§ **Extracted material**:
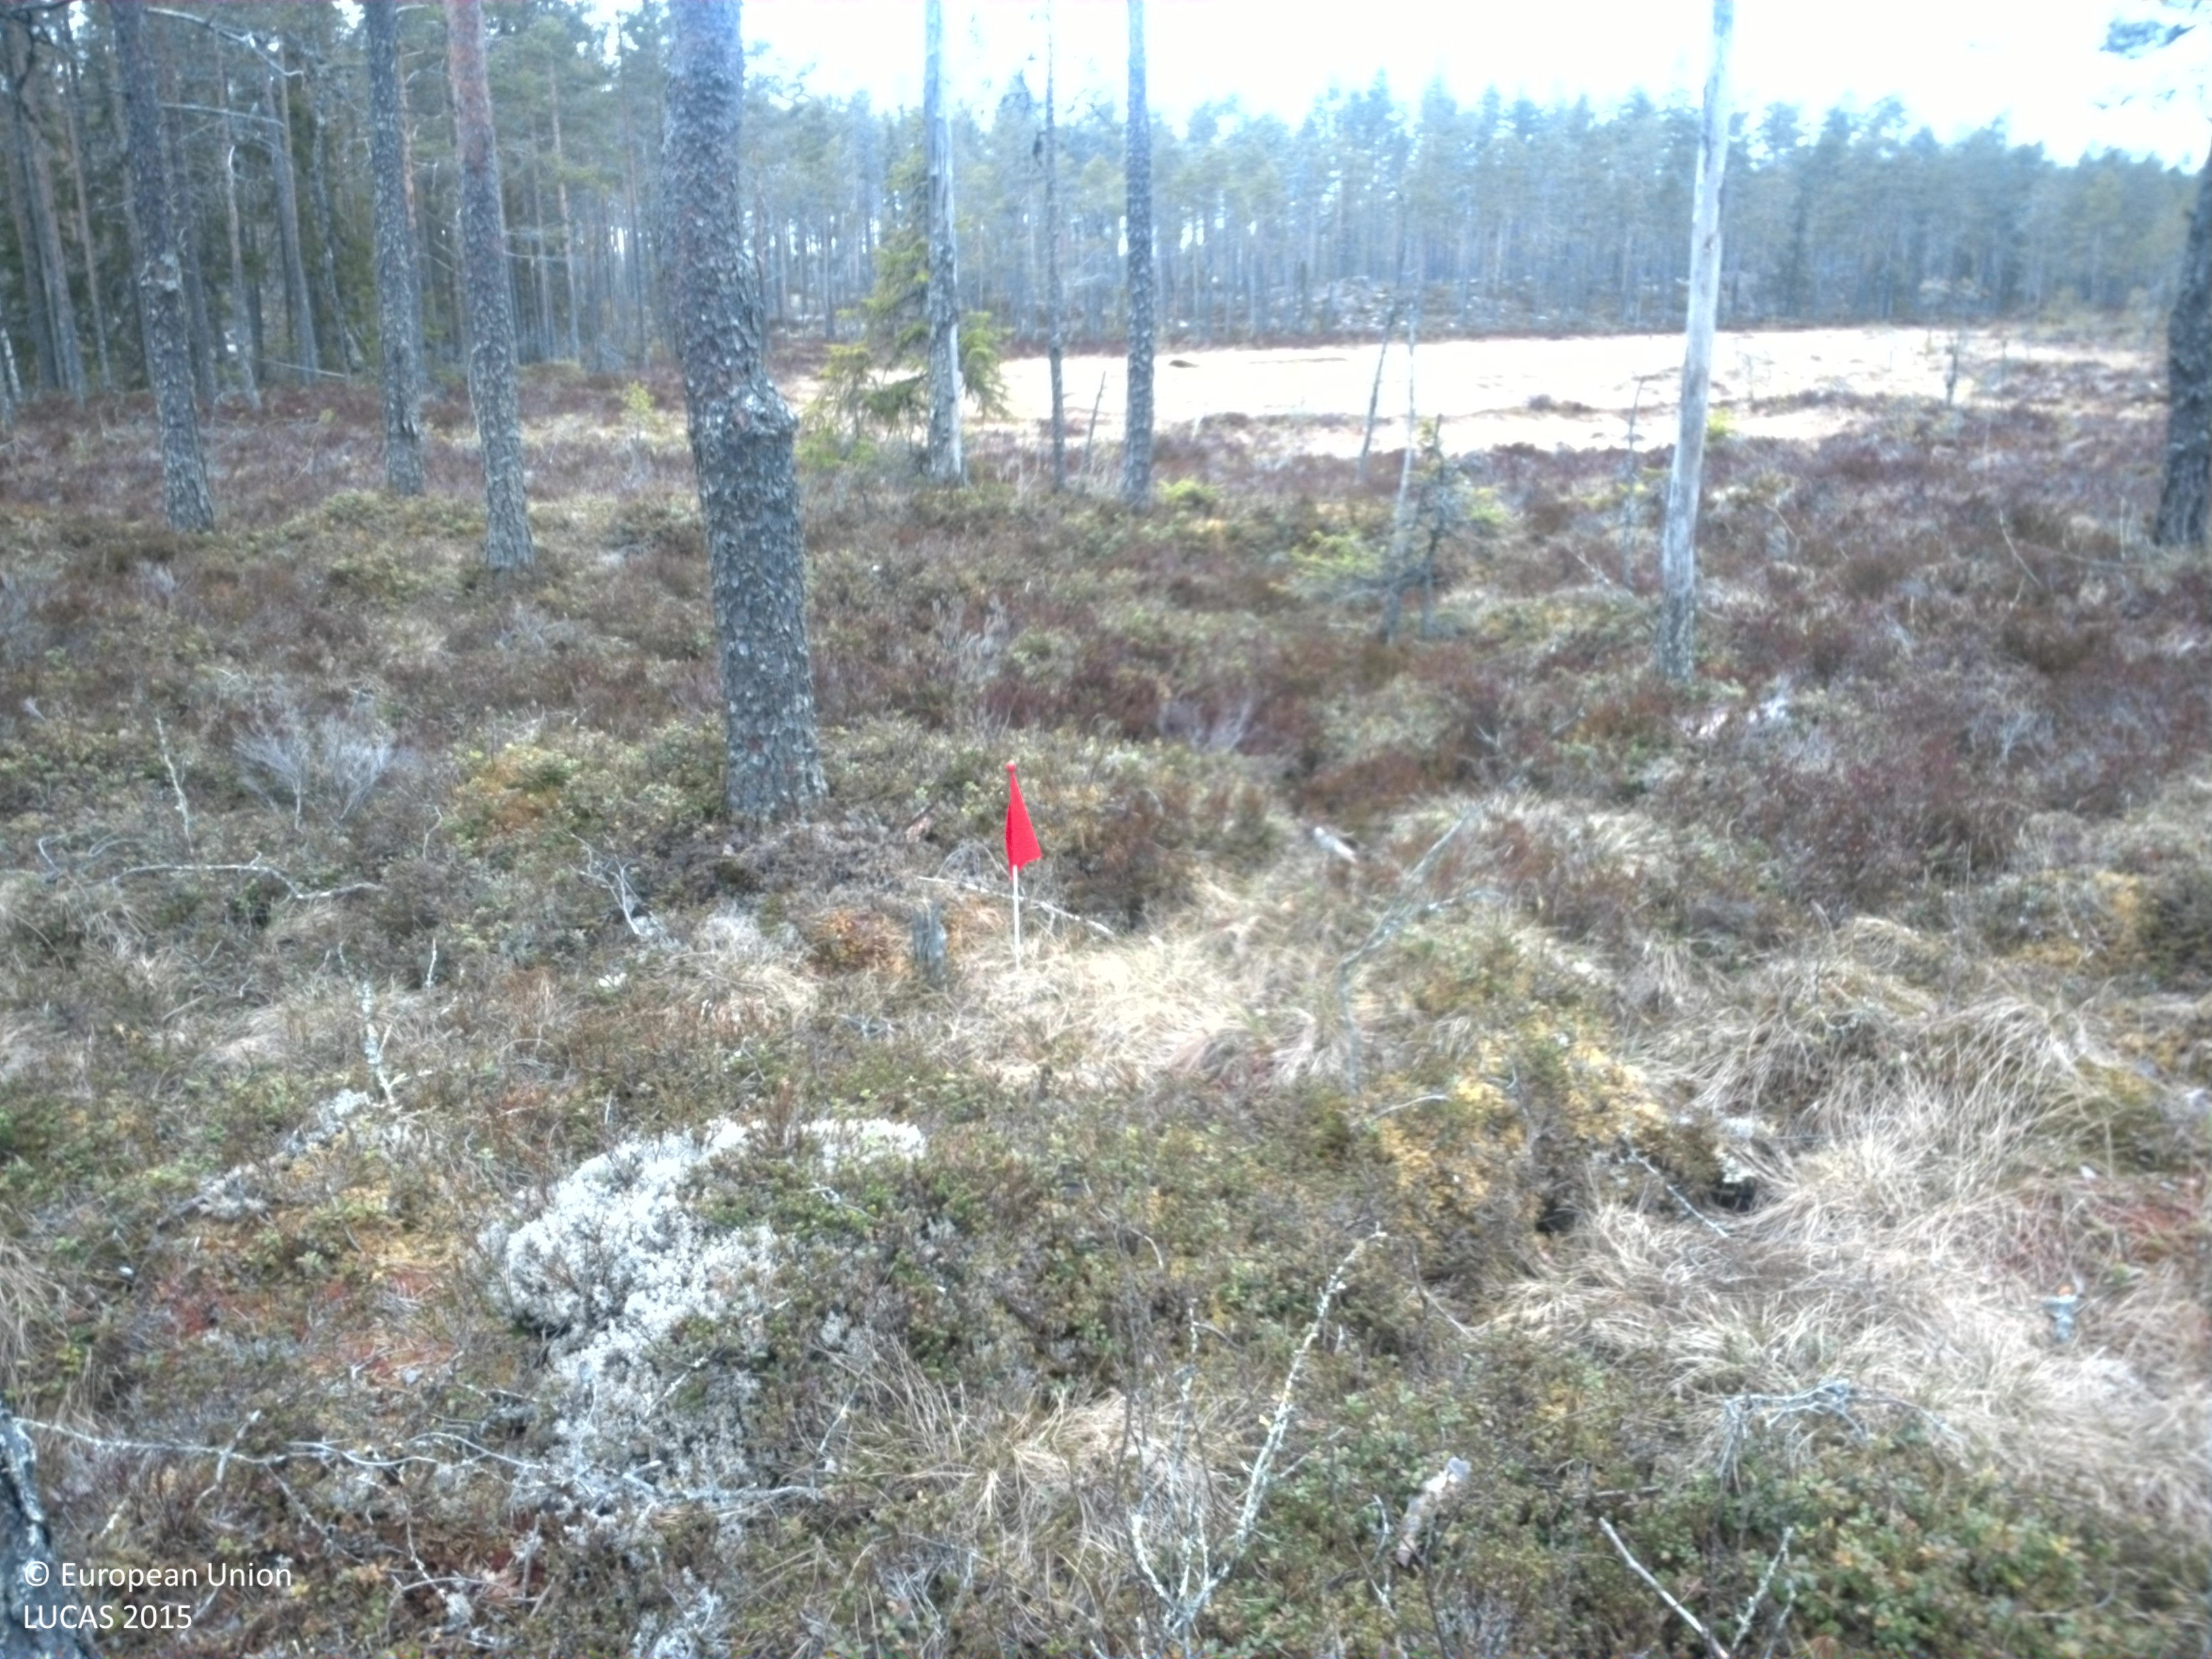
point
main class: Woodland
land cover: Pine dominated coniferous woodland
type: boreal forest
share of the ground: 25 - 50 %
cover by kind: coniferous forest trees 45 %, shrubs 25 %, lichens and mosses 25 %, herbaceous plants 5 %
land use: Forestry
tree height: > 5 m
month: May
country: SE
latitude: 60.9163
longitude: 13.3272

§ **Problem to work on**:
What is needed is an exact copy of all the data, with no images in it.

§ **Solved problem**:
point
main class: Woodland
land cover: Pine dominated coniferous woodland
type: boreal forest
share of the ground: 25 - 50 %
cover by kind: coniferous forest trees 45 %, shrubs 25 %, lichens and mosses 25 %, herbaceous plants 5 %
land use: Forestry
tree height: > 5 m
month: May
country: SE
latitude: 60.9163
longitude: 13.3272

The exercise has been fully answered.